16:46:57<nicolas17>waaaasteful >_<
16:47:28<nicolas17>"the file is only 10GB it's no big deal" yeah but wasteful >_<
16:48:30<@arkiver>nicolas17: if it makes 50 TB go times 4, that is a big problem
16:48:37<@arkiver>URL agnostic deduplication would help
16:49:18<masterx244|m>yeah, splitting the stuff into "headers" and payload and if a payload segment is == with another one just storing a pointer would be enough
16:50:55<@arkiver>i believe AB deduplicates (?)
16:51:12<@arkiver>Wget-AT can be run with the 4 URLs as input and URL agnostic deduplication turned on and it will handle it
16:53:19pocketwax17 quits [Client Quit]
16:59:57<@JAA>AB does not dedupe.
17:00:35tttt joins
17:02:15tttt quits [Client Quit]
17:03:07tettehe joins
17:03:55<@arkiver>ah
17:04:33<@arkiver>JAA: i do remember some messages about that streaming over archivebot.com in the past about duplicate content - was it a feature in the past?

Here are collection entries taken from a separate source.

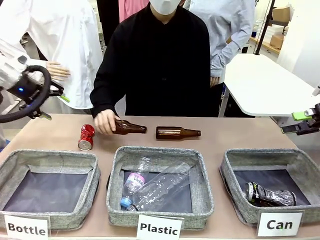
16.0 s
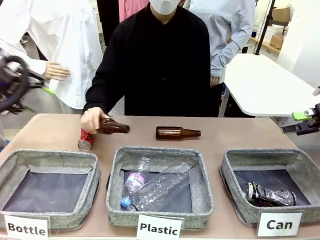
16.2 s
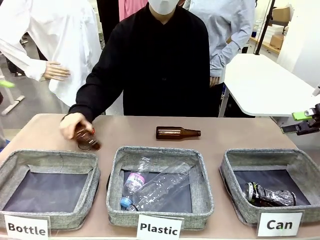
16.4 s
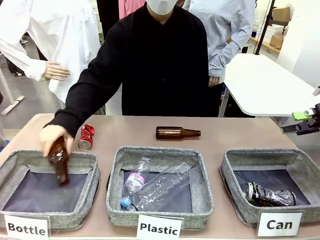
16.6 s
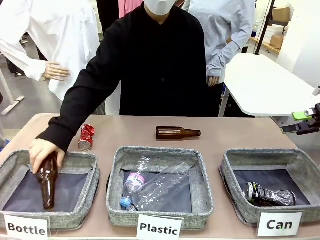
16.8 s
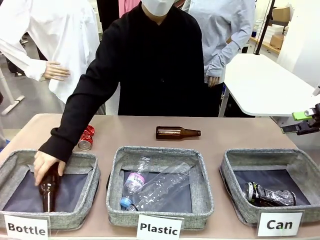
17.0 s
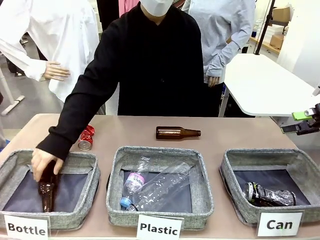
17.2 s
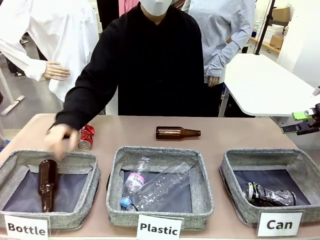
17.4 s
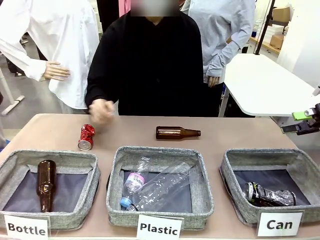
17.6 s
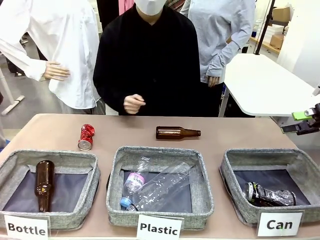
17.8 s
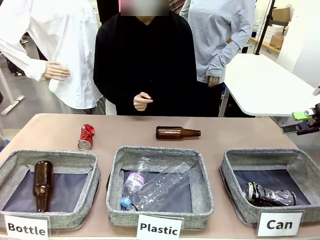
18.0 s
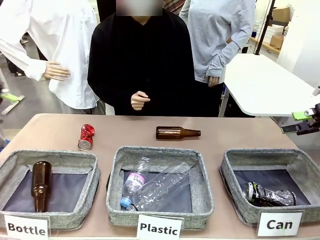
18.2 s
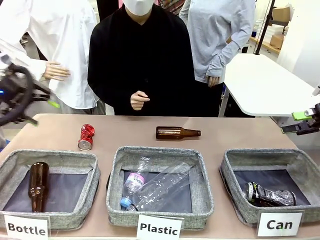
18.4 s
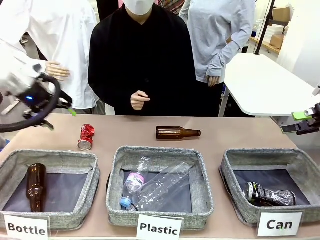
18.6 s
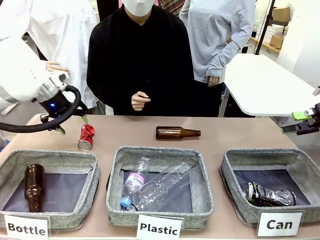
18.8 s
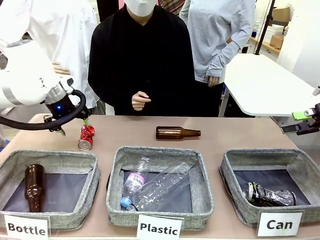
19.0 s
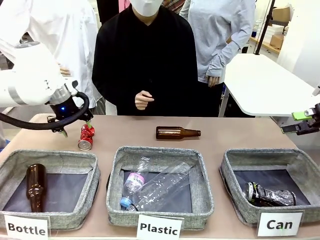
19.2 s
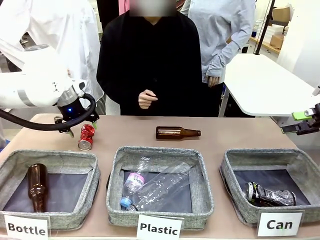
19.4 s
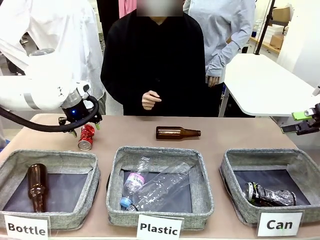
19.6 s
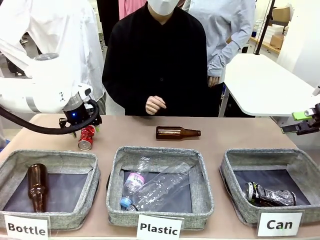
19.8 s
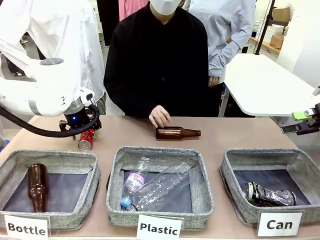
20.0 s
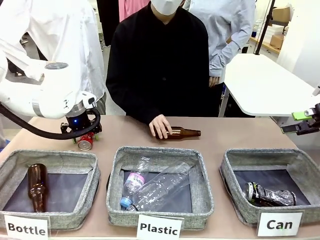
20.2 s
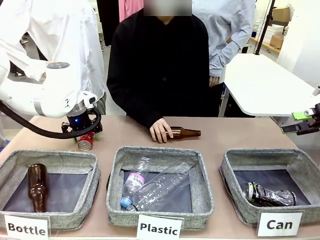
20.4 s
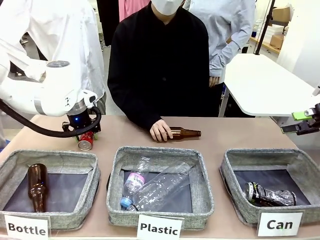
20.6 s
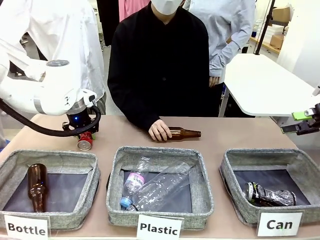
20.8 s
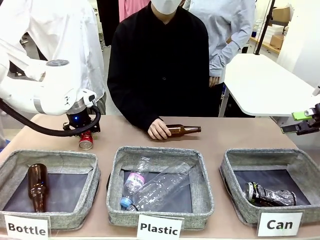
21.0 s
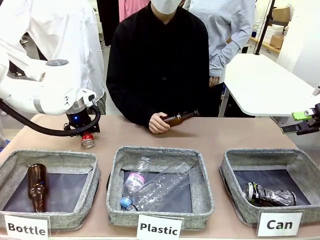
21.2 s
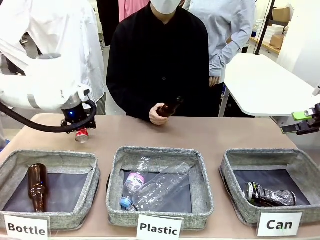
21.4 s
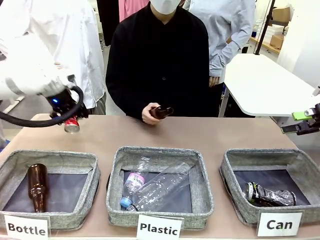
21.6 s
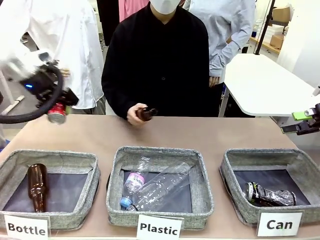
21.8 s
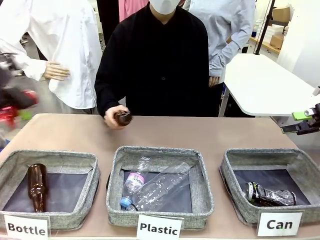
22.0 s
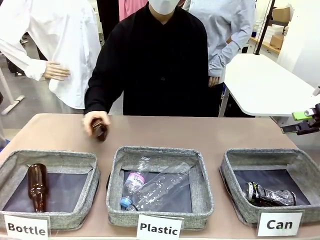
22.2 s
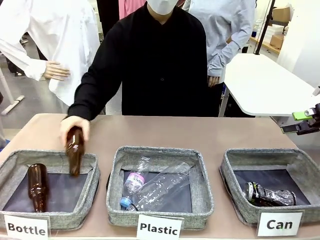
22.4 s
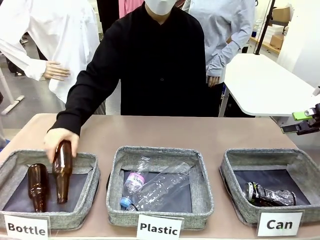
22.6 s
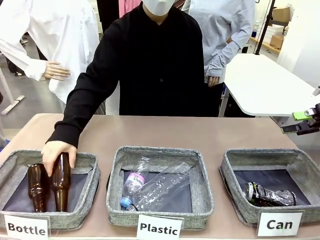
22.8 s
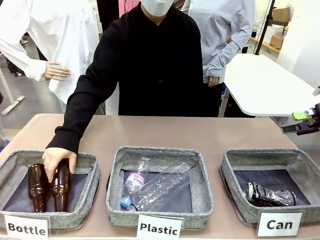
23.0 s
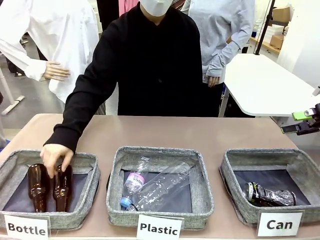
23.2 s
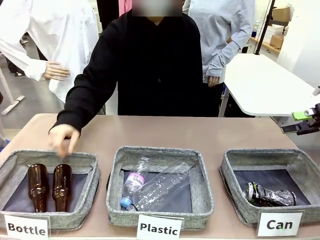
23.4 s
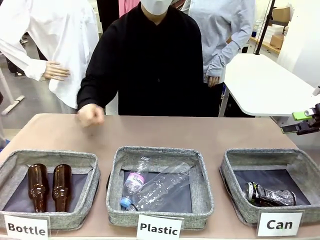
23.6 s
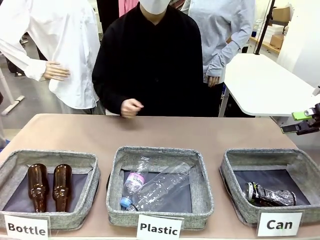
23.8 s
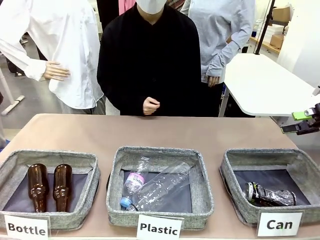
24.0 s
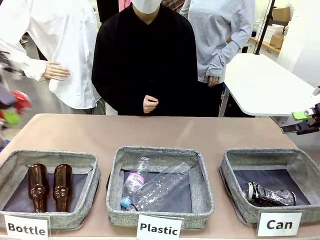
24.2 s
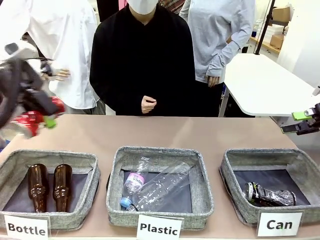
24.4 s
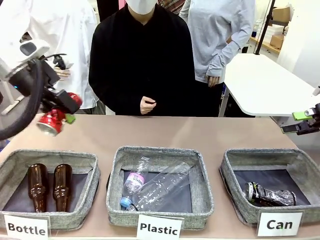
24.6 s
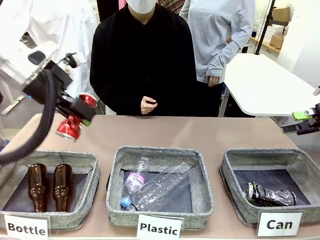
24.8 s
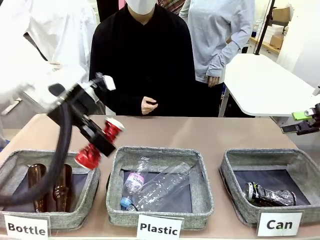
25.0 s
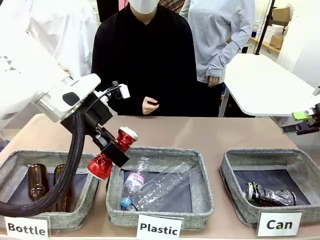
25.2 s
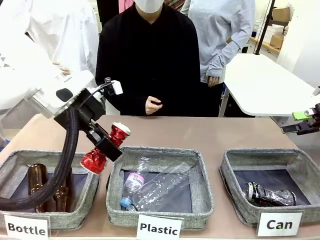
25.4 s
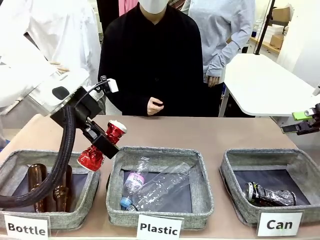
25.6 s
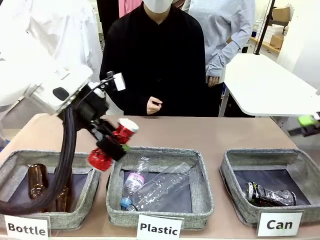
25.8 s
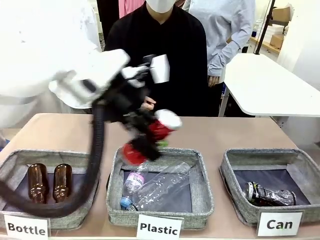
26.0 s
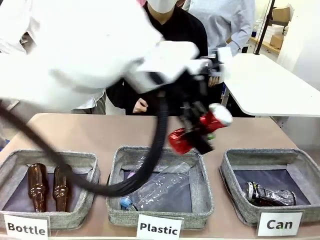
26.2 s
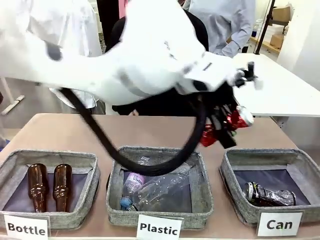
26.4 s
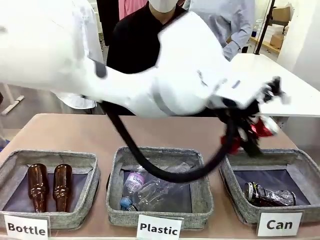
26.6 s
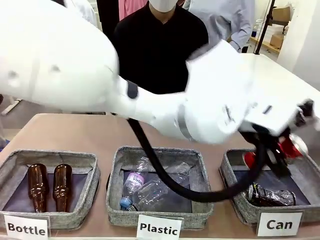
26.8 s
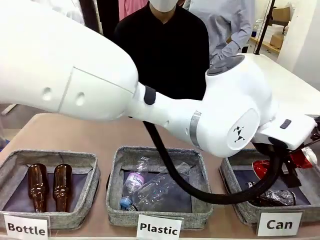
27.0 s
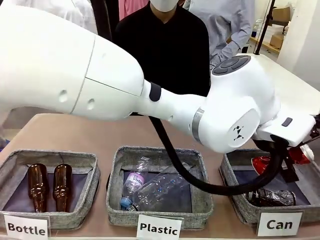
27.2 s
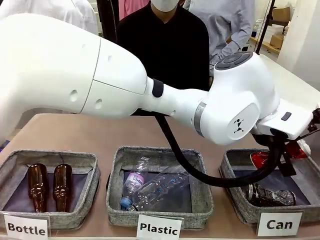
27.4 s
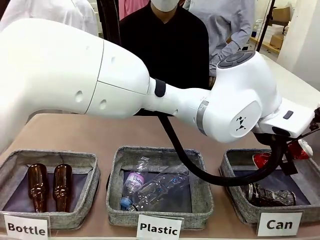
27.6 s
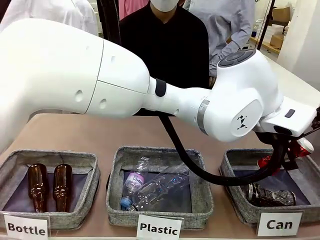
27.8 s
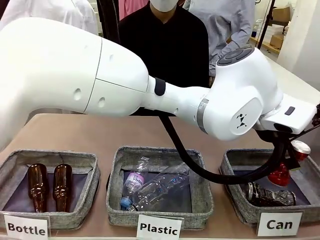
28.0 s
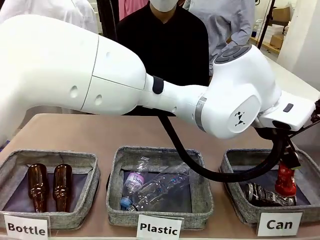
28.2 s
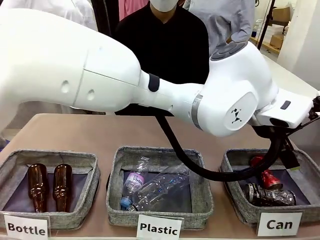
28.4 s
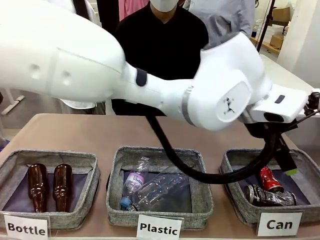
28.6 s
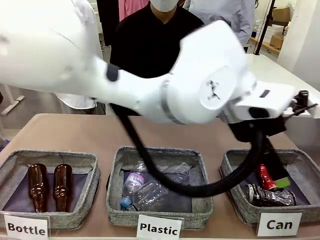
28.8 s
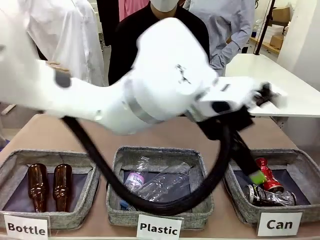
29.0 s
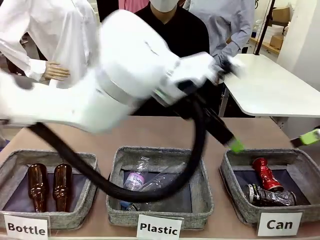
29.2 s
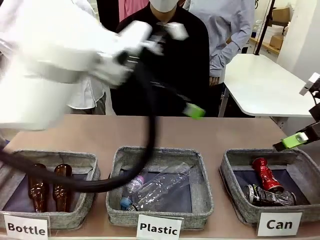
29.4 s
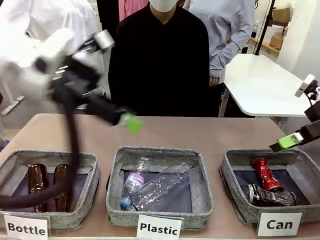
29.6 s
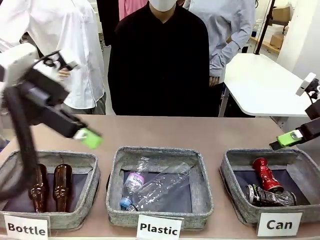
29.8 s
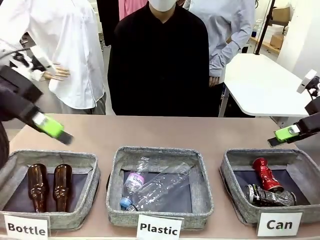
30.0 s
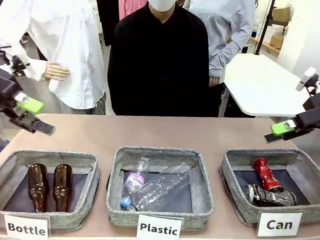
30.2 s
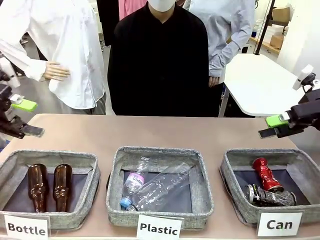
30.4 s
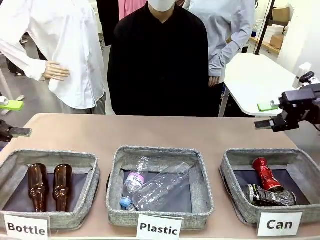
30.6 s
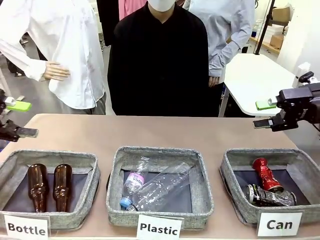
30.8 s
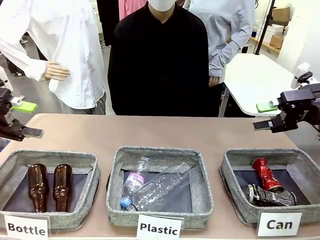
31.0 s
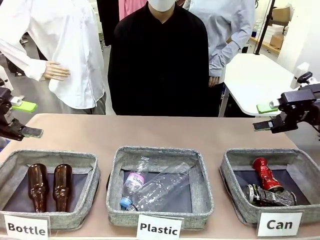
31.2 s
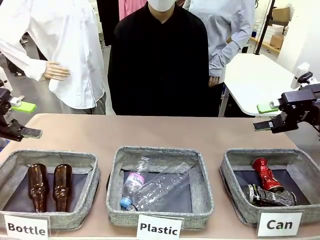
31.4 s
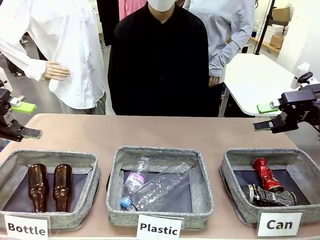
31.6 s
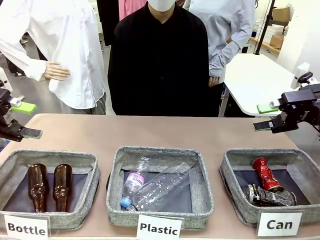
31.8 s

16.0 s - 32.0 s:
Task: Sort the can waste into the basket.
Robot: Pick up the can waste from the table and place it in the right Fabric basket.

17:06:10tettehe quits [Client Quit]
17:08:47<@JAA>arkiver: There is a dupe detection, but that's for stopping recursion on identical responses. It doesn't do anything about the WARC writing. It's also been broken for, uh, over 8 years, before I arrived here.
17:09:10<@arkiver>ah
17:09:23<@arkiver>thanks for clearing that up
17:12:24chains joins
17:14:05<chains>How do I know when a blog has been archived by frogger?
17:16:39<@rewby>I believe the bot has dedupe so you can probably just put it in and let the bot deal. That said, the only good way is to check if the Wayback machine contains the blog
17:18:54<nicolas17>masterx244|m: the WARC format supports that kind of deduplication (storing the request and response headers, and only a pointer to the previous response body), but archivebot doesn't use it
17:26:38bill93 joins
17:27:41bill93 quits [Client Quit]
17:28:03<chains>rewby, gotcha thanks
17:35:20PredatorIWD2 joins
17:37:27<nicolas17>corentin: what did you do with theapplewiki? archivebot? I don't see the job running and I doubt it finished
17:47:46<corentin>nicolas17: no I did it myself
17:48:15<nicolas17>what does that mean
17:48:17<nicolas17>savepagenow?
17:48:39<nicolas17>or downloaded to your own disk? :P
17:49:22<h2ibot>Nulldata edited Deathwatch (+270, /* 2024 */ Added SteamRep (thanks PredatorIWD2)): https://wiki.archiveteam.org/?diff=53445&oldid=53444
17:49:39<corentin>I work at the Internet Archive, I write and maintain crawlers & crawls, I captured it with Zeno and I'll upload it at some point (when the upload process kicks off)
17:50:42<@rewby>Neat, I've not checked up on how zeno's been coming along
17:50:52<nulldata>corentin++
17:50:52<eggdrop>[karma] 'corentin' now has 1 karma!
17:51:00kokos- joins
17:51:05<@rewby>I remember trying to get heritrix to do stuff a few years ago and that was pain and suffering
17:51:09<@rewby>Mostly because java
17:51:10<corentin>It is
17:51:19<corentin>It's why I wrote Zeno hahaha
17:51:27<@rewby>Very understandable
17:52:09<@rewby>Is there any docs on zeno or just "look at the code and figure it out?
17:52:50<corentin>We've had some huge work done on it recently to try and address long standing stability issues, because for a couple of years I was the only dev on it and so I was mostly using it for "experimental" crawls. Note: the WARC writing itself is very well tested and stable, I'm just talking about the crawling part. Anyway, a lot of work from me and a
17:52:50<corentin>couple of colleagues on it recently to get it way more stable, and more expendable / solid for the future features we'll add.
17:53:24<corentin>Sadly for now, no documentation. :) But --help will help you. ./Zeno get url https://google.com, ./Zeno get list list.txt... and -h for all the options
17:53:26<@rewby>Neat. I might have a go at it Later TM and see how it works
17:53:38<corentin>I hope it will, if you see any weird behavior, any bug, please open an issue
17:54:01<masterx244|m>same. might even be useful for grabs for the own sanity. currently using grab-site for those sanity grabs
17:54:03<@rewby>Just from looking at the readme, is crawl hq that couch db thing I recall from eons ago?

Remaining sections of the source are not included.